The Port Authority of New York and New Jersey is an $8 billion behemoth plagued by “politicized decision-making, money-losing facilities and declining financial viability,” notes a new Manhattan Institute report that outlines how to fix it.

And thereby end the massive cost overruns, bloated payrolls, regular scandals and general waste that define the modern PA.

Authored by the Reason Foundation’s Robert Poole, a national transportation expert, the 24-page report pushes a total reinvention of the PA’s unsustainable business model, especially the way it finances its system.

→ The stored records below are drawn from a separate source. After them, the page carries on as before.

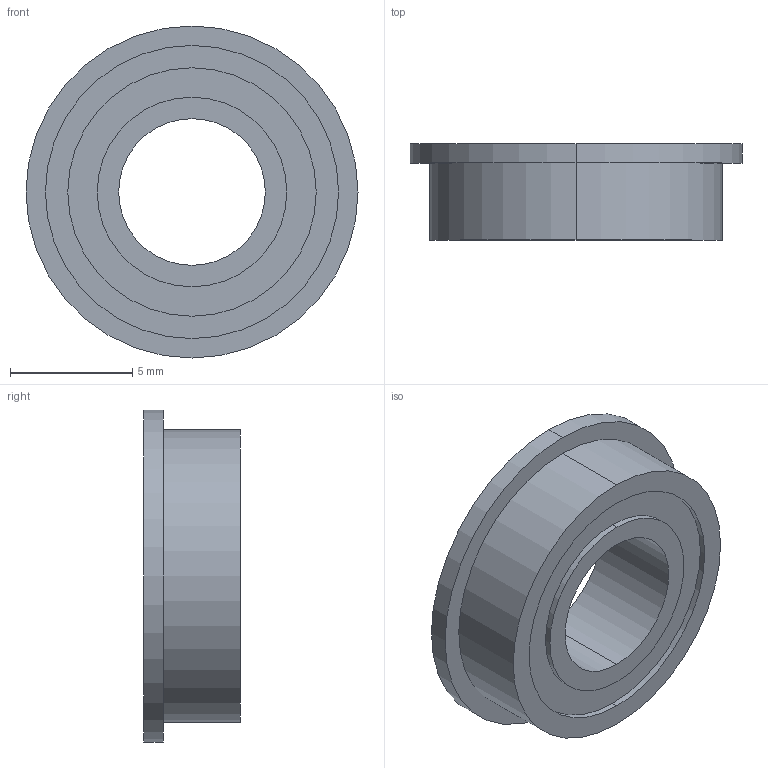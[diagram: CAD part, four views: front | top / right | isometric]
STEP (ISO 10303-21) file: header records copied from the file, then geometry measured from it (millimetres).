
FILE_DESCRIPTION (( 'STEP AP203' ), '1' );
FILE_NAME ('535220.STEP', '2014-10-01T15:58:34', ( 'Kyle' ), ( 'Microsoft' ), 'SwSTEP 2.0', 'SolidWorks 2014', '' );
FILE_SCHEMA (( 'CONFIG_CONTROL_DESIGN' ));
Length unit declared in the file: inch
Products named in the file (1): 535220
Bounding box: 13.58 x 3.94 x 13.58 mm (x, y, z)
Volume: 341 mm3; surface area: 488 mm2
Topology: 1 solids, 1 shells, 21 faces, 42 edges, 28 vertices
Faces by surface type: cylinder 14, plane 7
Entity records: 647 total; most frequent: DIRECTION 114, CARTESIAN_POINT 92, ORIENTED_EDGE 84, AXIS2_PLACEMENT_3D 50, EDGE_CURVE 42, EDGE_LOOP 28, CIRCLE 28, VERTEX_POINT 28
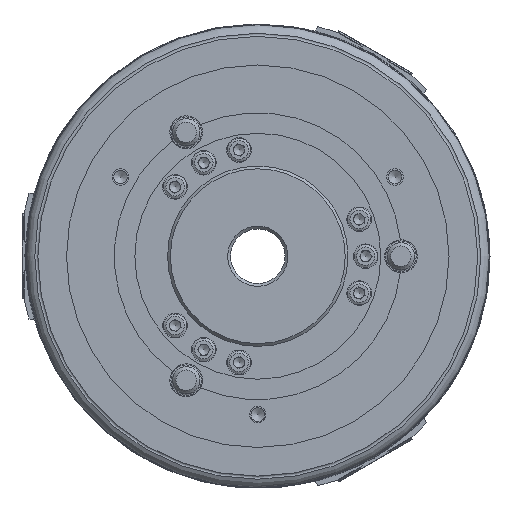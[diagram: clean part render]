
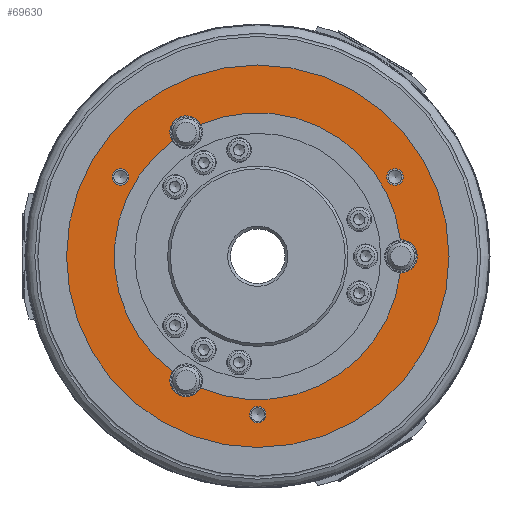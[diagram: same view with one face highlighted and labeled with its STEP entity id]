
A CAD part, left-side view. The second image highlights one B-rep face of the part: STEP entity #69630.
In plain terms, the highlighted planar face has unit normal (-1, 0, 0).
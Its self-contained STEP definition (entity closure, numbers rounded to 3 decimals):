
#812=CIRCLE('',#72535,6.);
#814=CIRCLE('',#72538,3.);
#815=CIRCLE('',#72539,3.);
#816=CIRCLE('',#72540,3.);
#817=CIRCLE('',#72541,6.);
#818=CIRCLE('',#72542,52.5);
#819=CIRCLE('',#72543,6.);
#820=CIRCLE('',#72544,52.5);
#821=CIRCLE('',#72545,52.5);
#822=CIRCLE('',#72546,70.);
#12135=ORIENTED_EDGE('',*,*,#23562,.F.);
#12136=ORIENTED_EDGE('',*,*,#23563,.F.);
#12137=ORIENTED_EDGE('',*,*,#23564,.F.);
#12138=ORIENTED_EDGE('',*,*,#23565,.F.);
#12139=ORIENTED_EDGE('',*,*,#23566,.F.);
#12140=ORIENTED_EDGE('',*,*,#23567,.T.);
#12141=ORIENTED_EDGE('',*,*,#23568,.T.);
#12142=ORIENTED_EDGE('',*,*,#23560,.F.);
#12143=ORIENTED_EDGE('',*,*,#23569,.F.);
#12144=ORIENTED_EDGE('',*,*,#23570,.F.);
#23560=EDGE_CURVE('',#29227,#29226,#812,.F.);
#23562=EDGE_CURVE('',#29229,#29229,#814,.T.);
#23563=EDGE_CURVE('',#29230,#29230,#815,.T.);
#23564=EDGE_CURVE('',#29231,#29231,#816,.T.);
#23565=EDGE_CURVE('',#29232,#29233,#817,.F.);
#23566=EDGE_CURVE('',#29234,#29232,#818,.T.);
#23567=EDGE_CURVE('',#29234,#29235,#819,.F.);
#23568=EDGE_CURVE('',#29235,#29226,#820,.T.);
#23569=EDGE_CURVE('',#29233,#29227,#821,.T.);
#23570=EDGE_CURVE('',#29236,#29236,#822,.T.);
#29226=VERTEX_POINT('',#99803);
#29227=VERTEX_POINT('',#99805);
#29229=VERTEX_POINT('',#99811);
#29230=VERTEX_POINT('',#99813);
#29231=VERTEX_POINT('',#99815);
#29232=VERTEX_POINT('',#99817);
#29233=VERTEX_POINT('',#99818);
#29234=VERTEX_POINT('',#99820);
#29235=VERTEX_POINT('',#99822);
#29236=VERTEX_POINT('',#99826);
#45466=EDGE_LOOP('',(#12135));
#45467=EDGE_LOOP('',(#12136));
#45468=EDGE_LOOP('',(#12137));
#45469=EDGE_LOOP('',(#12138,#12139,#12140,#12141,#12142,#12143));
#45470=EDGE_LOOP('',(#12144));
#48242=FACE_BOUND('',#45466,.T.);
#48243=FACE_BOUND('',#45467,.T.);
#48244=FACE_BOUND('',#45468,.T.);
#48245=FACE_BOUND('',#45469,.T.);
#48246=FACE_BOUND('',#45470,.T.);
#50672=PLANE('',#72537);
#69630=ADVANCED_FACE('',(#48242,#48243,#48244,#48245,#48246),#50672,.T.);
#72535=AXIS2_PLACEMENT_3D('',#99806,#83691,#83692);
#72537=AXIS2_PLACEMENT_3D('',#99809,#83695,#83696);
#72538=AXIS2_PLACEMENT_3D('',#99810,#83697,#83698);
#72539=AXIS2_PLACEMENT_3D('',#99812,#83699,#83700);
#72540=AXIS2_PLACEMENT_3D('',#99814,#83701,#83702);
#72541=AXIS2_PLACEMENT_3D('',#99816,#83703,#83704);
#72542=AXIS2_PLACEMENT_3D('',#99819,#83705,#83706);
#72543=AXIS2_PLACEMENT_3D('',#99821,#83707,#83708);
#72544=AXIS2_PLACEMENT_3D('',#99823,#83709,#83710);
#72545=AXIS2_PLACEMENT_3D('',#99824,#83711,#83712);
#72546=AXIS2_PLACEMENT_3D('',#99825,#83713,#83714);
#83691=DIRECTION('',(1.,0.,0.));
#83692=DIRECTION('',(0.,0.,-1.));
#83695=DIRECTION('',(-1.,0.,0.));
#83696=DIRECTION('',(0.,0.,1.));
#83697=DIRECTION('',(-1.,0.,0.));
#83698=DIRECTION('',(0.,0.,1.));
#83699=DIRECTION('',(-1.,0.,0.));
#83700=DIRECTION('',(0.,0.,1.));
#83701=DIRECTION('',(-1.,0.,0.));
#83702=DIRECTION('',(0.,0.,1.));
#83703=DIRECTION('',(1.,0.,0.));
#83704=DIRECTION('',(0.,0.866,0.5));
#83705=DIRECTION('',(-1.,0.,0.));
#83706=DIRECTION('',(0.,0.866,-0.5));
#83707=DIRECTION('',(-1.,0.,0.));
#83708=DIRECTION('',(0.,0.,1.));
#83709=DIRECTION('',(1.,0.,0.));
#83710=DIRECTION('',(0.,0.,-1.));
#83711=DIRECTION('',(-1.,0.,0.));
#83712=DIRECTION('',(0.,-0.866,-0.5));
#83713=DIRECTION('',(1.,0.,0.));
#83714=DIRECTION('',(0.,0.,-1.));
#99803=CARTESIAN_POINT('',(-76.,31.27,42.171));
#99805=CARTESIAN_POINT('',(-76.,20.886,48.167));
#99806=CARTESIAN_POINT('',(-76.,26.195,45.371));
#99809=CARTESIAN_POINT('',(-76.,26.25,-45.466));
#99810=CARTESIAN_POINT('',(-76.,50.229,29.));
#99811=CARTESIAN_POINT('',(-76.,50.229,32.));
#99812=CARTESIAN_POINT('',(-76.,-50.229,29.));
#99813=CARTESIAN_POINT('',(-76.,-50.229,32.));
#99814=CARTESIAN_POINT('',(-76.,0.,-58.));
#99815=CARTESIAN_POINT('',(-76.,0.,-55.));
#99816=CARTESIAN_POINT('',(-76.,-52.39,0.));
#99817=CARTESIAN_POINT('',(-76.,-52.157,-5.995));
#99818=CARTESIAN_POINT('',(-76.,-52.157,5.995));
#99819=CARTESIAN_POINT('',(-76.,0.,0.));
#99820=CARTESIAN_POINT('',(-76.,20.886,-48.167));
#99821=CARTESIAN_POINT('',(-76.,26.195,-45.371));
#99822=CARTESIAN_POINT('',(-76.,31.27,-42.171));
#99823=CARTESIAN_POINT('',(-76.,0.,0.));
#99824=CARTESIAN_POINT('',(-76.,0.,0.));
#99825=CARTESIAN_POINT('',(-76.,0.,0.));
#99826=CARTESIAN_POINT('',(-76.,0.,-70.));
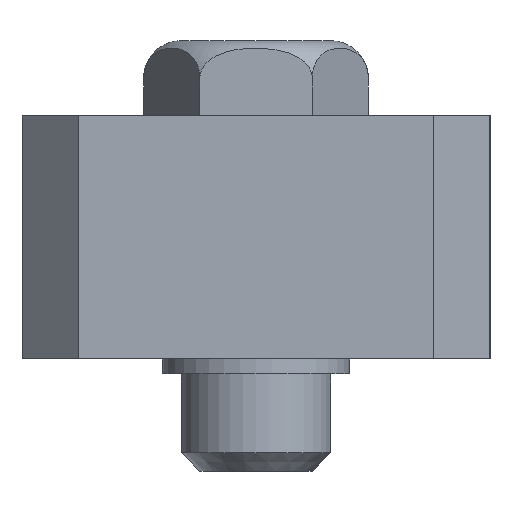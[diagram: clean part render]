
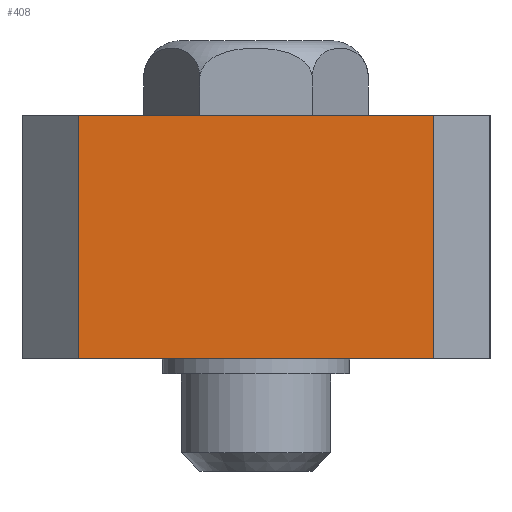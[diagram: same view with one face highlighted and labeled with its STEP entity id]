
A CAD part, left-side view. The second image highlights one B-rep face of the part: STEP entity #408.
In plain terms, the highlighted planar face has unit normal (-1, 0, 0).
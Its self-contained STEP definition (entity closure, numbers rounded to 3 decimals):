
#62 = EDGE_CURVE ( 'NONE', #1406, #1994, #2129, .T. ) ;
#113 = DIRECTION ( 'NONE',  ( 0., -1., 0. ) ) ;
#205 = EDGE_CURVE ( 'NONE', #858, #1406, #1245, .T. ) ;
#332 = VECTOR ( 'NONE', #1061, 1000. ) ;
#398 = AXIS2_PLACEMENT_3D ( 'NONE', #2733, #1519, #655 ) ;
#408 = ADVANCED_FACE ( 'NONE', ( #2644 ), #417, .T. ) ;
#417 = PLANE ( 'NONE',  #398 ) ;
#612 = VECTOR ( 'NONE', #113, 1000. ) ;
#634 = CARTESIAN_POINT ( 'NONE',  ( 0., 22., 0. ) ) ;
#646 = CARTESIAN_POINT ( 'NONE',  ( 0., 3., -13. ) ) ;
#655 = DIRECTION ( 'NONE',  ( 0., 0., 1. ) ) ;
#731 = ORIENTED_EDGE ( 'NONE', *, *, #909, .F. ) ;
#792 = CARTESIAN_POINT ( 'NONE',  ( 0., 3., 0. ) ) ;
#858 = VERTEX_POINT ( 'NONE', #1878 ) ;
#909 = EDGE_CURVE ( 'NONE', #2534, #1994, #2728, .T. ) ;
#926 = CARTESIAN_POINT ( 'NONE',  ( 0., 3., -13. ) ) ;
#934 = CARTESIAN_POINT ( 'NONE',  ( 0., 3., 0. ) ) ;
#1061 = DIRECTION ( 'NONE',  ( 0., 0., 1. ) ) ;
#1115 = EDGE_CURVE ( 'NONE', #858, #2534, #2638, .T. ) ;
#1245 = LINE ( 'NONE', #646, #1410 ) ;
#1363 = ORIENTED_EDGE ( 'NONE', *, *, #1115, .F. ) ;
#1406 = VERTEX_POINT ( 'NONE', #2246 ) ;
#1410 = VECTOR ( 'NONE', #2723, 1000. ) ;
#1519 = DIRECTION ( 'NONE',  ( -1., 0., 0. ) ) ;
#1546 = EDGE_LOOP ( 'NONE', ( #731, #1363, #2743, #1711 ) ) ;
#1634 = DIRECTION ( 'NONE',  ( 0., 0., 1. ) ) ;
#1711 = ORIENTED_EDGE ( 'NONE', *, *, #62, .T. ) ;
#1824 = VECTOR ( 'NONE', #1634, 1000. ) ;
#1878 = CARTESIAN_POINT ( 'NONE',  ( 0., 22., -13. ) ) ;
#1994 = VERTEX_POINT ( 'NONE', #792 ) ;
#2129 = LINE ( 'NONE', #926, #1824 ) ;
#2243 = CARTESIAN_POINT ( 'NONE',  ( 0., 22., -13. ) ) ;
#2246 = CARTESIAN_POINT ( 'NONE',  ( 0., 3., -13. ) ) ;
#2534 = VERTEX_POINT ( 'NONE', #634 ) ;
#2638 = LINE ( 'NONE', #2243, #332 ) ;
#2644 = FACE_OUTER_BOUND ( 'NONE', #1546, .T. ) ;
#2723 = DIRECTION ( 'NONE',  ( 0., -1., 0. ) ) ;
#2728 = LINE ( 'NONE', #934, #612 ) ;
#2733 = CARTESIAN_POINT ( 'NONE',  ( 0., 3., -13. ) ) ;
#2743 = ORIENTED_EDGE ( 'NONE', *, *, #205, .T. ) ;

Using airports, bridges and tunnels as cash cows to cover ongoing losses at other operations, like the PATH, Poole rightly notes, has meant “mediocre airports, congested and inadequate bridges and tunnels, money-losing seaports, a pathetic bus terminal, and the worst heavy-rail transit system in the nation.” And no cash available to reinvest in fixing or replacing what’s wrong.

Instead, the PA should move to finance projects via public-private partnerships, with public pension funds as key investors.

The agency would no longer own or operate the tunnels, airports, etc., but rather regulate an array of concession companies held accountable via bond covenants and the conditions of their long-term contracts.

Up-front payments for the concessions, along with investments, would provide the revenue for replacement infrastructure.